4. Interface contract

The runner must satisfy these invariants:

  • Return existing PDB file paths.
  • Preserve mutant order in run_mutate_parallel return list.
  • No silent mismatch between number of mutants and outputs.
  • Avoid output collisions in parallel mode.
  • Be robust with nproc=None, small/large nproc, and empty mutant lists.

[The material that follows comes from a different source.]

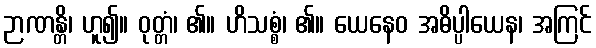
ဉာဏန္တိ၊ ဟူ၍။ ဝုတ္တံ၊ ၏။ ဟိသစ္စံ၊ ၏။ ယေနေဝ အဓိပ္ပါယေန၊ အကြင်

For UI model dropdown support:

  • Expose model/backend options via weights_preset.
  • Set a safe default_weight_preset.
  • Map use_model override in __init__.

5. Validation

Syntax check

python -m compileall src/REvoDesign/sidechain/mutate_runner/<Solver>.py

Sidechain matrix

conda run -n <env> make kw-test PYTEST_KW='"sidechain and solver"'

Focused runner test

conda run -n <env> /bin/zsh -lc 'mkdir -p tmp-test-dir-with-unique-name && \
  cd tmp-test-dir-with-unique-name && \
  python -m pytest ../tests/sidechain/test_<solver>_runner_config.py -q'

Expected outcomes

  • Existing solver tests remain green.
  • New solver is either PASSED if dependency installed, or SKIPPED if intentionally not installed.
  • Focused unit tests pass fully (they use mocks).

6. Common pitfalls

Output file collision in parallel mode: Create per-mutant unique working output directories and normalize final outputs to the expected naming pattern.

Model/backend UI dropdown does nothing: Define weights_preset and default_weight_preset, and consume use_model in the runner __init__.

Cache-required backends fail intermittently: Validate cache before inference and auto-bootstrap once on miss when the policy allows.

Over-committing CPU: Cap worker count to min(requested_nproc, len(mutants), os.cpu_count()). For heavy solvers, enforce one-mutant-one-core semantics.

7. Reference implementations

Use these as templates:

  • src/REvoDesign/sidechain/mutate_runner/DLPackerPytorch.py
  • src/REvoDesign/sidechain/mutate_runner/DiffPack.py
  • tests/sidechain/test_dlpacker_pytorch_runner_config.py
  • tests/sidechain/test_diffpack_runner_config.py

They demonstrate config-driven runner construction, UI model override mapping, output normalization, cache readiness handling, parallel cap behavior, and robust mock-based focused tests.